HISTOIRE et ÉTYMOLOGIE : Nord n. m. est d’abord emprunté au vieil anglais norht (aussi les graphies north et nort ) pour indiquer la direction empruntée par l’étoile polaire. Le mot passe ensuite aux parlers de la Normandie, sous la forme north (1140) , avant de se répandre dans l'usage des régions voisines. ( FEW 16, p. 601b, DHLF 2392ab , TLF). Ouest , pour sa part, paraît d’abord sous la forme west (1140) et ouest (1379). Comme les autres noms des points cardinaux, le mot est d’origine anglo-saxonne. Plus particulièrement, il est emprunté à west , conservé en anglais moderne et attesté comme adverbe, (IXes.), et en tant que nom (XIIe s.). La lexie correspond également à l’allemand et au néerlandais west . Ces mots reposent sur une racine indoeuropéenne représentée dans le grec hesperos et le latin vesper «soir» (DHLF, p. 2505a, voir aussi FEW 17, p. 571-572 et TLF).

Au Québec, la première attestation de Nord-Ouest , pour caractériser le territoire étendu au Grand Nord de la traite des fourrures, remonte à 1804 : Je donne au vieux " Les Grandes Oreilles " sept chopines de rhum mêlé, pour rien, parce que, tous les printemps, il donne quantité de poisson à nos gens quand ils sortent des terres, et il est d’ailleurs dévoué au Nord-Ouest (Malhiot, François-Victor, Journal du fort Kamanaitiquoya à la rivière Montréal, 1804-1805, p. 231 ; pour plus d’informations voir exemple 1 ). L’hypothèse d’une existence de Nord-Ouest avant la début du XIXe s. n’est pas encore démontrée, mais il est permis d’envisager, pour le composé, une existence qui remonterait à 1730.

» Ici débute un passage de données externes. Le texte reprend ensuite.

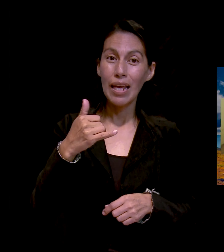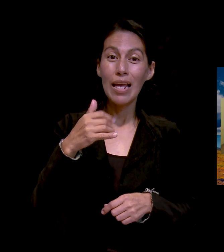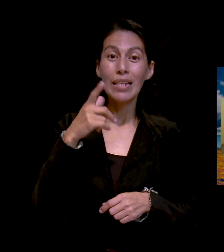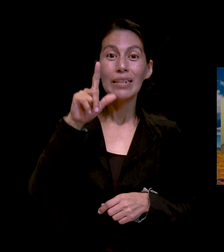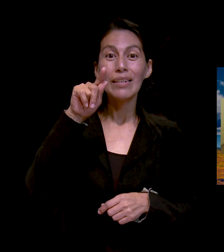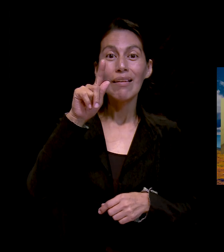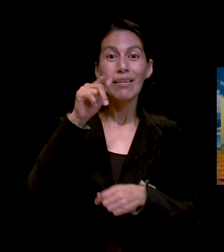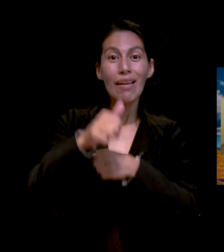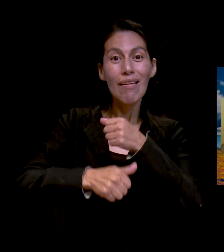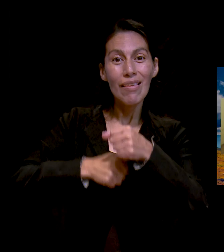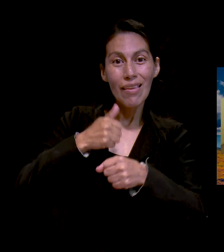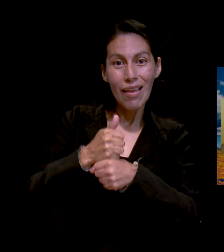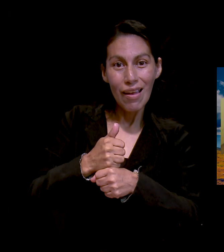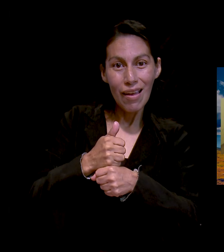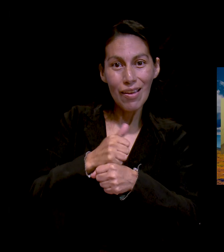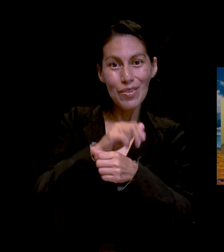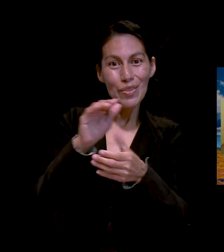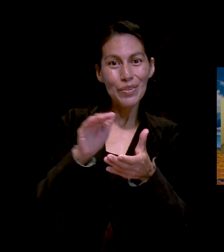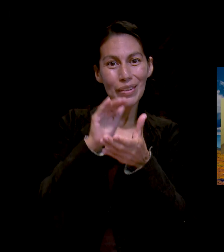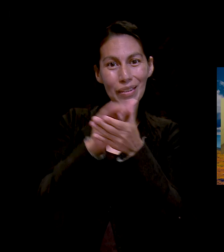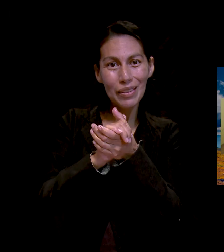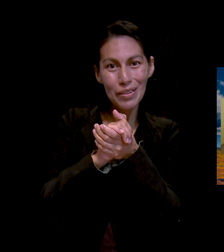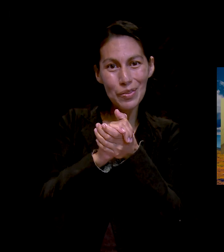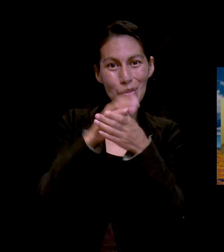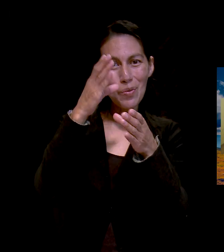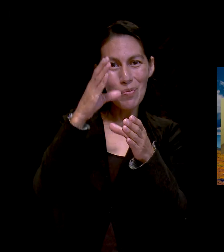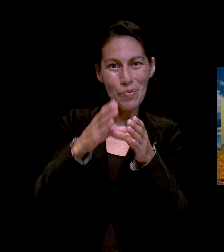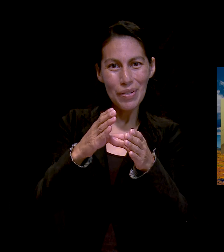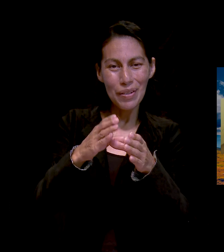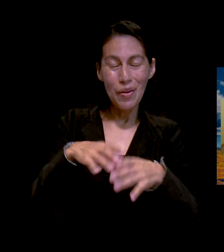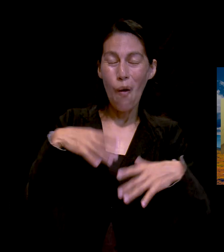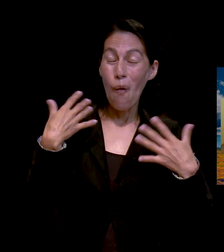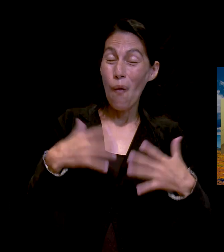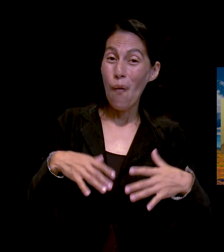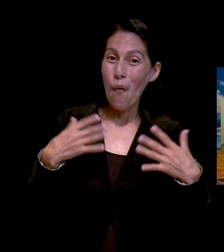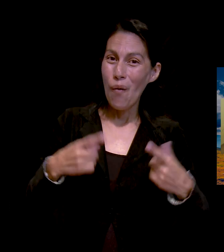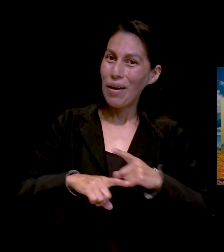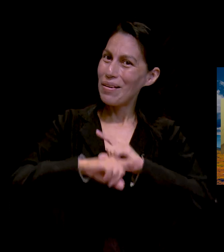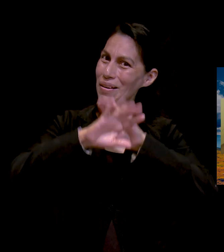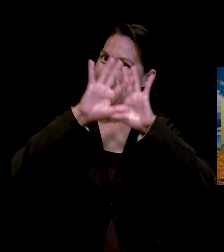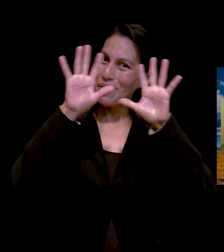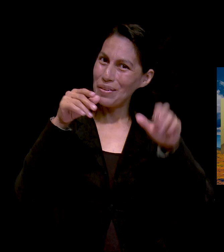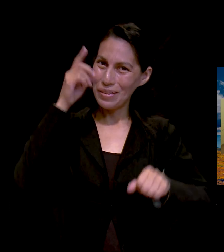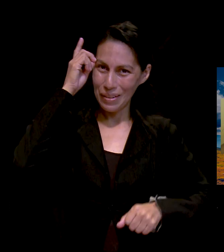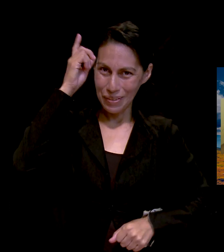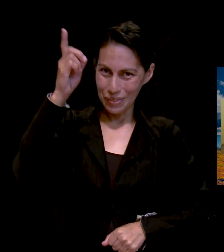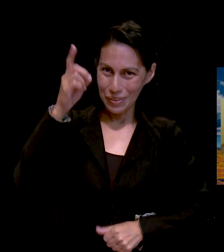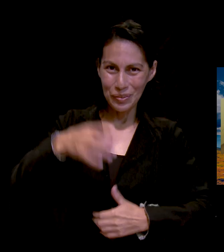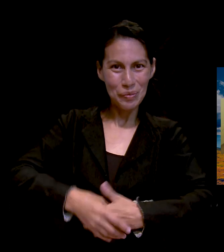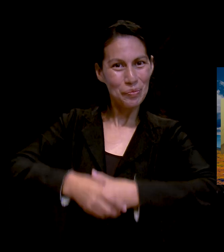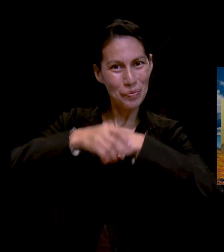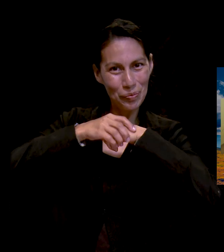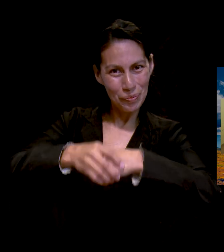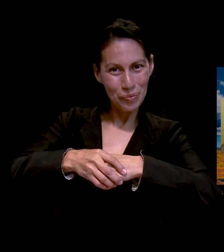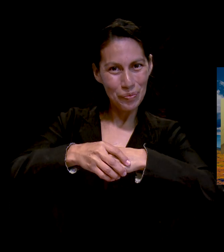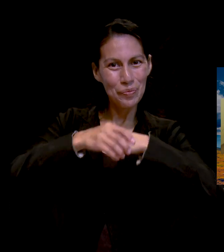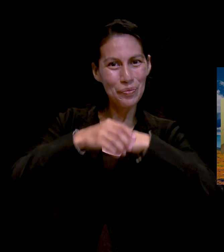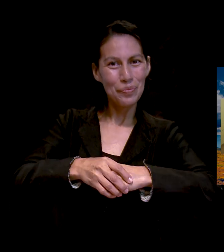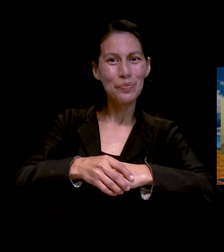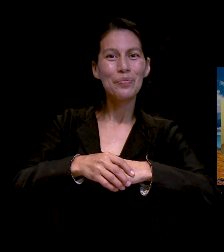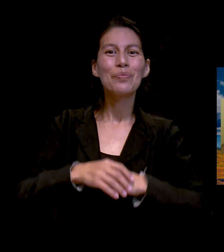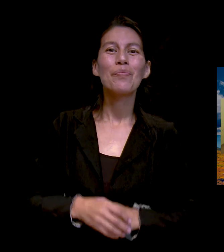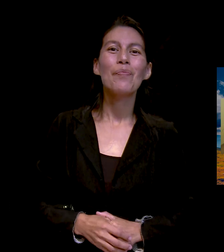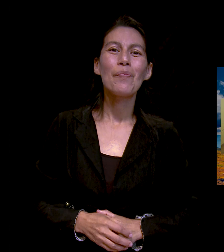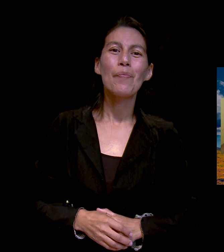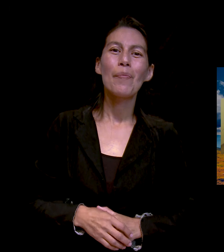70 años, 70 gloria a Dios y un saludo para ellos y para todos sus hijos

CATÉGORIE : Innovation sémantique.

------------

[1] FTLFQ : Fichier du Trésor de la Langue Française au Québec : http://www.tlfq.ulaval.ca/fichier/default.asp

[2] CELM : Centre d'Études Linguistiques de la Mauricie, Trois-Rivières, Serge Fournier (dir.) : «sergiusfournier@gmail.com». Nous aimerions, ici, manifester notre gratitude au regretté ami Étienne Poirier, dont le travail de codirection, pendant sa carrière de professeur au Cégep de Shawinigan, a permis l’existence et le développement du CELM. Nous voudrions aussi témoigner notre reconnaissance à MM. Pierre Deshaies et Jean-Marc L’Archevêque pour leur aide précieuse lors des abondantes recherches lexicales. Elles ont largement contribué à l’établissement d’un fichier étendu et crédible. Un dernier mot de remerciement s’adresse à M. Jean-Denis Pellerin, autant pour ses réflexions méthodologiques nourries sur le CELM, que pour sa généreuse aide financière. Elle a permis, entre autres, l’achat de dictionnaires et glossaires indispensables à notre travail.